Would you copy the entries that follow exactly, leaving out every picture?
Input section start
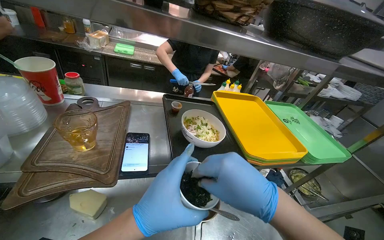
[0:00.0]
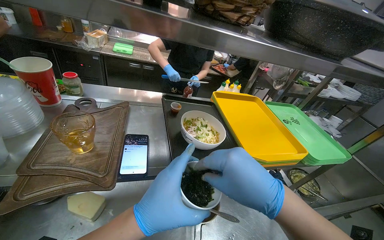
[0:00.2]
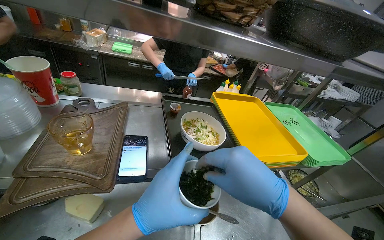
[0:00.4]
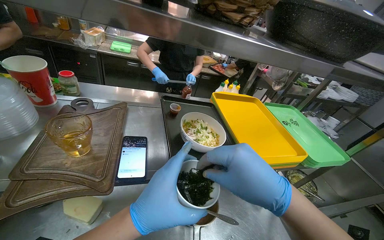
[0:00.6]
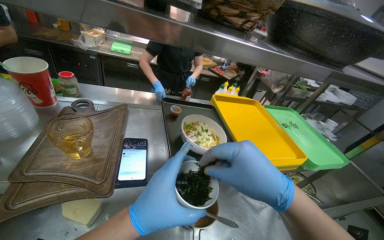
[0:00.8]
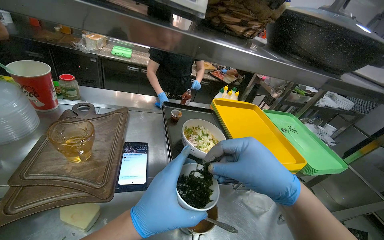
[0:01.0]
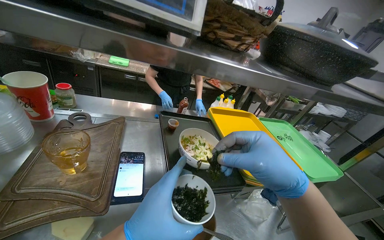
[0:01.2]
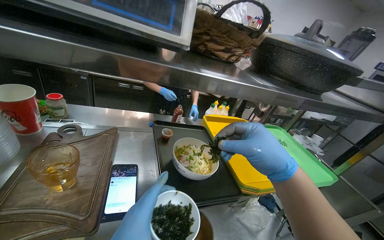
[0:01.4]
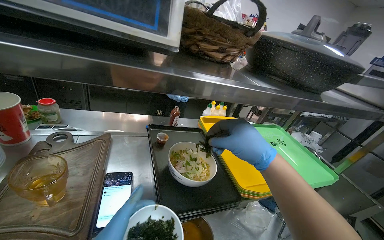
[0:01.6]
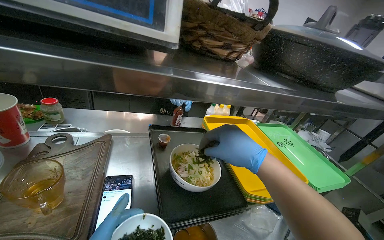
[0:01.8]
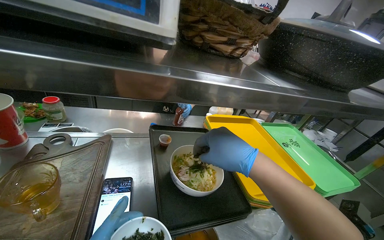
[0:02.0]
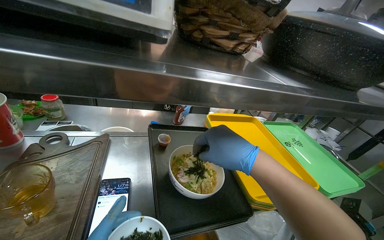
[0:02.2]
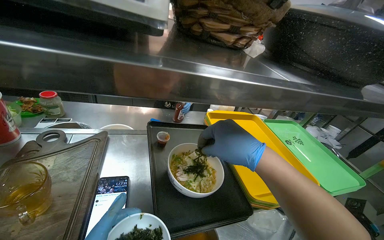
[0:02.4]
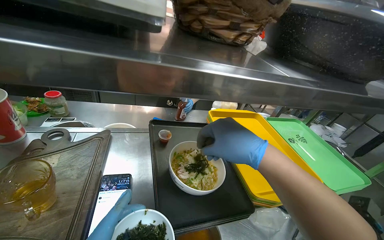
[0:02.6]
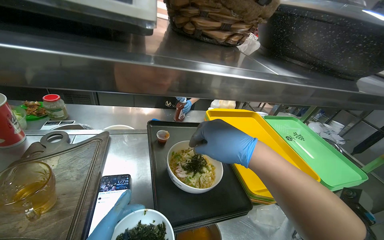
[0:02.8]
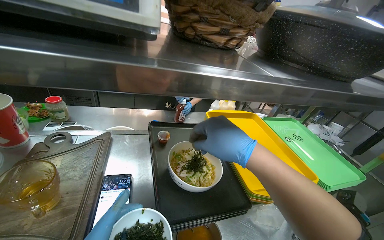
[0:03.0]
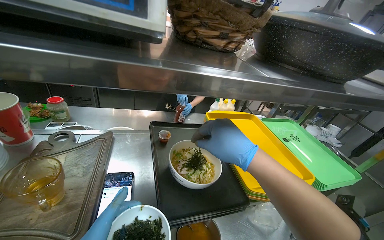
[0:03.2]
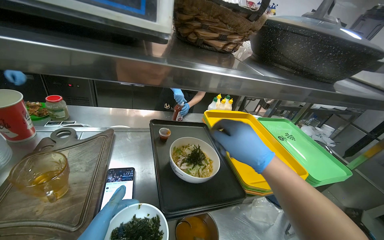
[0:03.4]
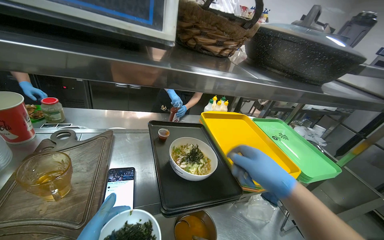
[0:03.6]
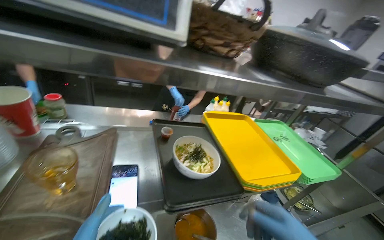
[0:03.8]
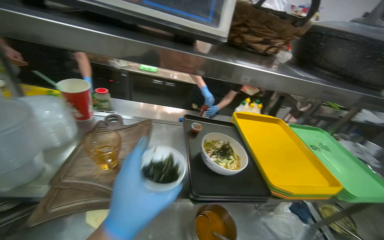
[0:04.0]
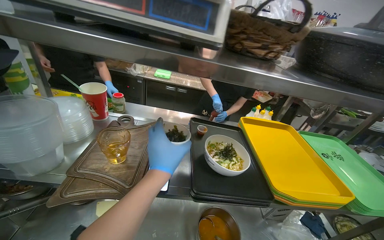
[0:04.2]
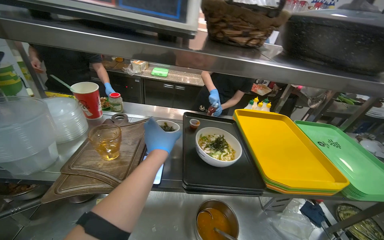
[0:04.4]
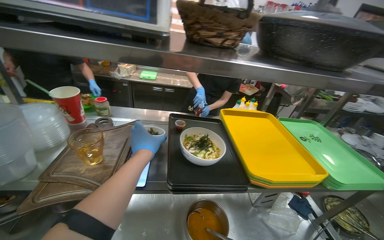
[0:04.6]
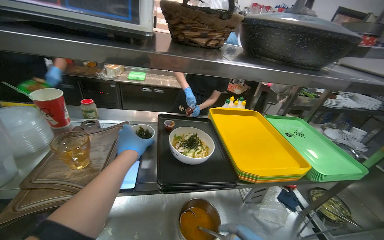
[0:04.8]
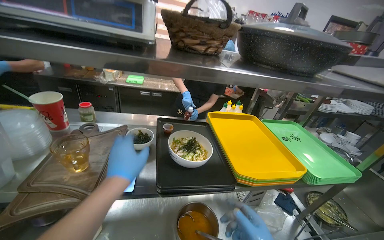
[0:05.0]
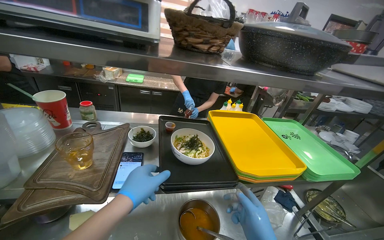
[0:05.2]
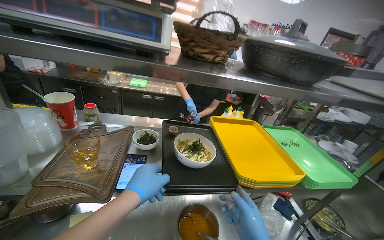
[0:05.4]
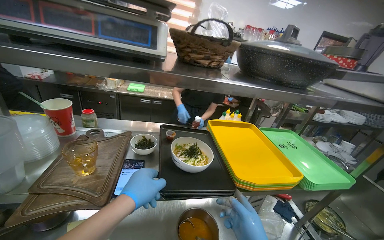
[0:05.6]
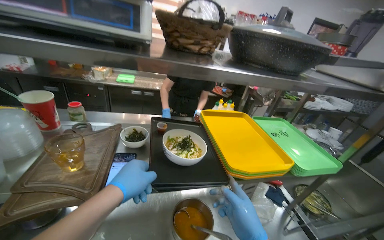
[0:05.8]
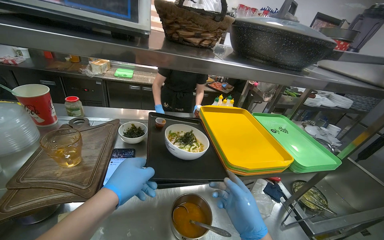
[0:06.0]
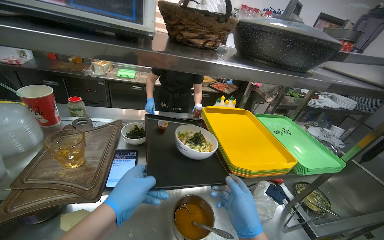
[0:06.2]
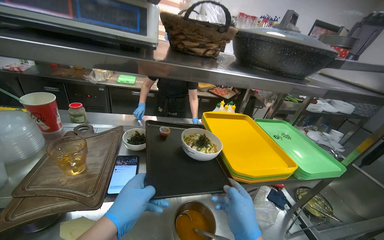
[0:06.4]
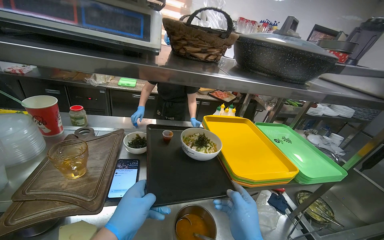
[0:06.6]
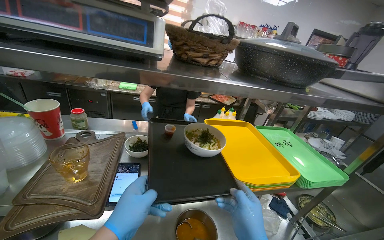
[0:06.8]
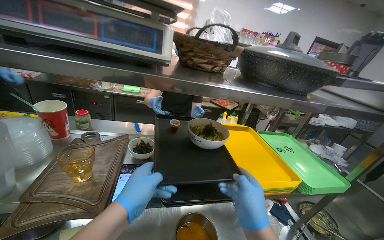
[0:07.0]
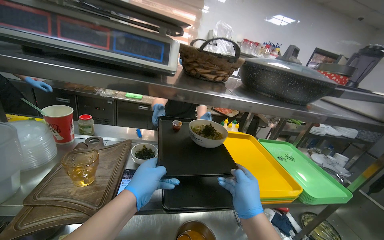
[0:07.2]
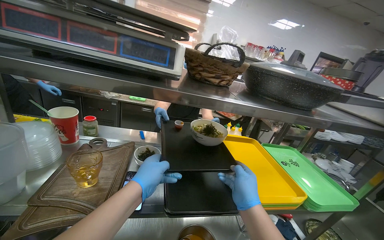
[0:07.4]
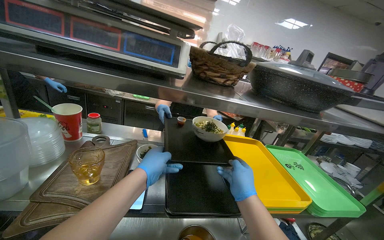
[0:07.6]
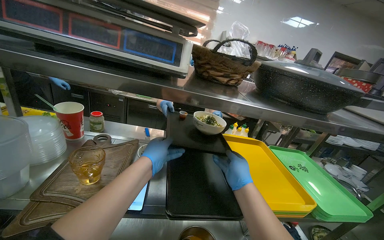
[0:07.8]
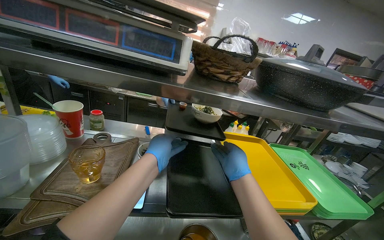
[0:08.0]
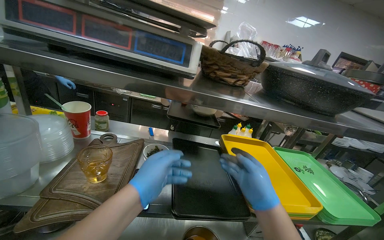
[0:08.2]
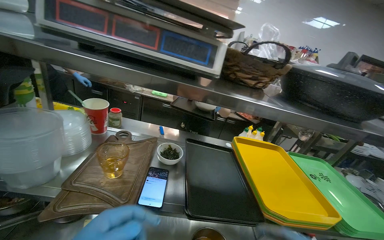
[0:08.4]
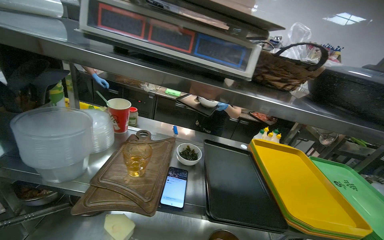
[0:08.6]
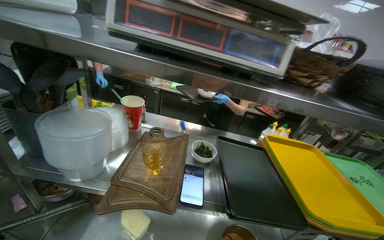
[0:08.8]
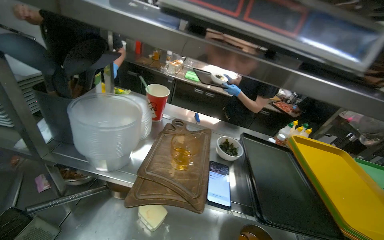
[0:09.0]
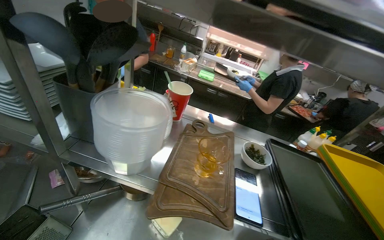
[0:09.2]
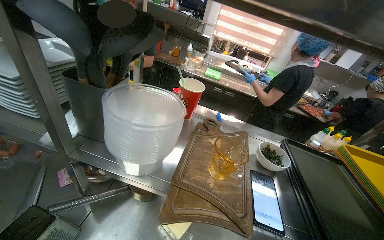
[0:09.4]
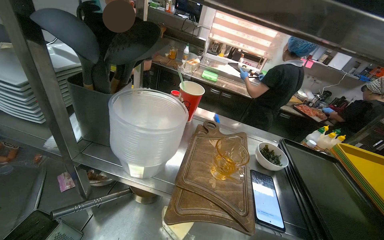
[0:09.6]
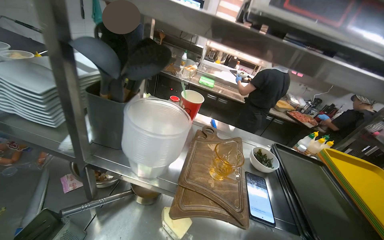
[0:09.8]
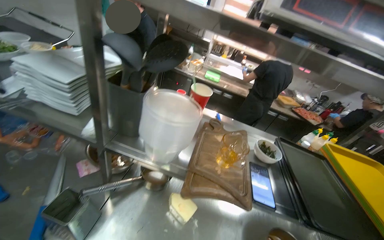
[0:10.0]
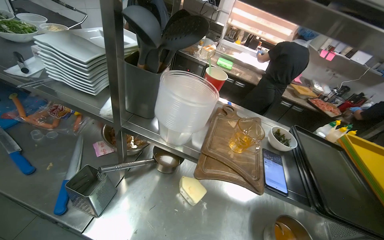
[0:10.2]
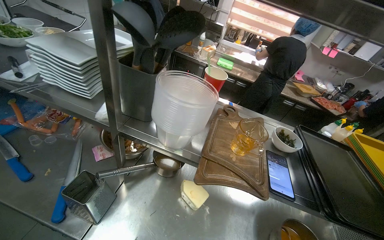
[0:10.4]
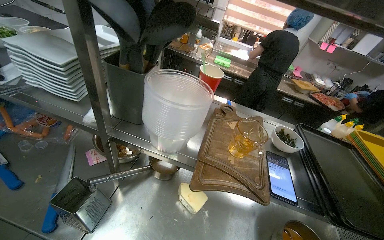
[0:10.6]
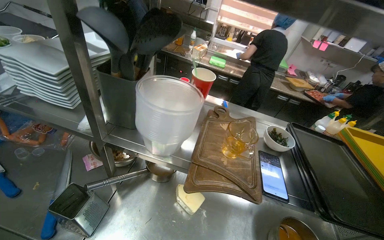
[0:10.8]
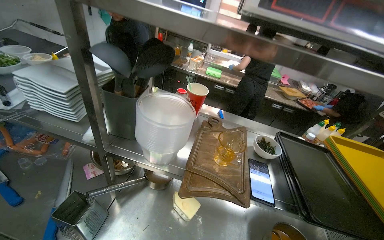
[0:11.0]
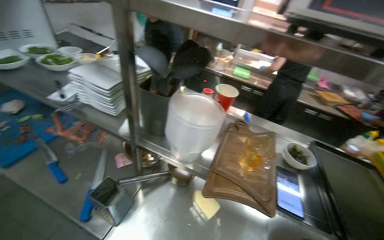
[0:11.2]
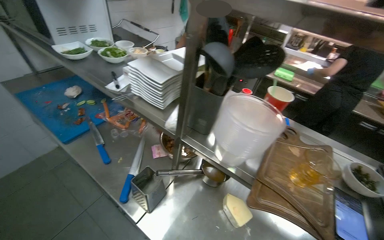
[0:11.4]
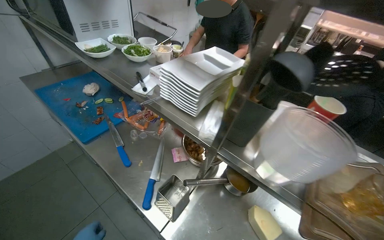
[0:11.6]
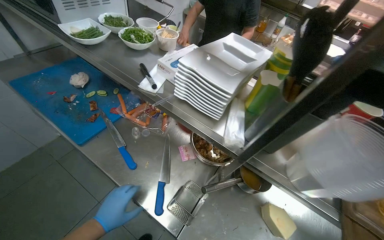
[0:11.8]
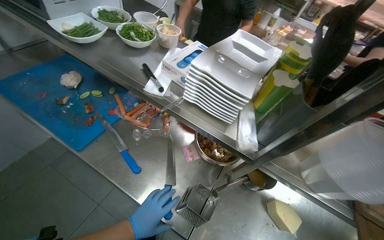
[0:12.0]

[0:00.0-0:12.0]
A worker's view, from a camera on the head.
Job: preparing food.
The whole recording: Garnishing meal with herbs and cleaning kitchen. The worker garnishes the meal with herbs and cleans up the kitchen area.
0:00.0 to 0:01.6: The right hand shifts some 15 cm up the picture and farther from the camera.
0:04.4 to 0:06.0: The left hand shifts approximately 10 cm nearer to the camera.
Input section end
_Task answer_:
[0:00.0]
[0:00.2]
[0:00.4]
[0:00.6]
[0:00.8]
[0:01.0]
[0:01.2]
[0:01.4]
[0:01.6]
[0:01.8]
[0:02.0]
[0:02.2]
[0:02.4]
[0:02.6]
[0:02.8]
[0:03.0]
[0:03.2]
[0:03.4]
[0:03.6]
[0:03.8]
[0:04.0]
[0:04.2]
[0:04.4]
[0:04.6]
[0:04.8]
[0:05.0]
[0:05.2]
[0:05.4]
[0:05.6]
[0:05.8]
[0:06.0]
[0:06.2]
[0:06.4]
[0:06.6]
[0:06.8]
[0:07.0]
[0:07.2]
[0:07.4]
[0:07.6]
[0:07.8]
[0:08.0]
[0:08.2]
[0:08.4]
[0:08.6]
[0:08.8]
[0:09.0]
[0:09.2]
[0:09.4]
[0:09.6]
[0:09.8]
[0:10.0]
[0:10.2]
[0:10.4]
[0:10.6]
[0:10.8]
[0:11.0]
[0:11.2]
[0:11.4]
[0:11.6]
[0:11.8]
[0:12.0]

[0:00.0-0:12.0]
A worker's view, from a camera on the head.
Job: preparing food.
The whole recording: Garnishing meal with herbs and cleaning kitchen. The worker garnishes the meal with herbs and cleans up the kitchen area.
0:00.0 to 0:01.6: The right hand shifts some 15 cm up the picture and farther from the camera.
0:04.4 to 0:06.0: The left hand shifts approximately 10 cm nearer to the camera.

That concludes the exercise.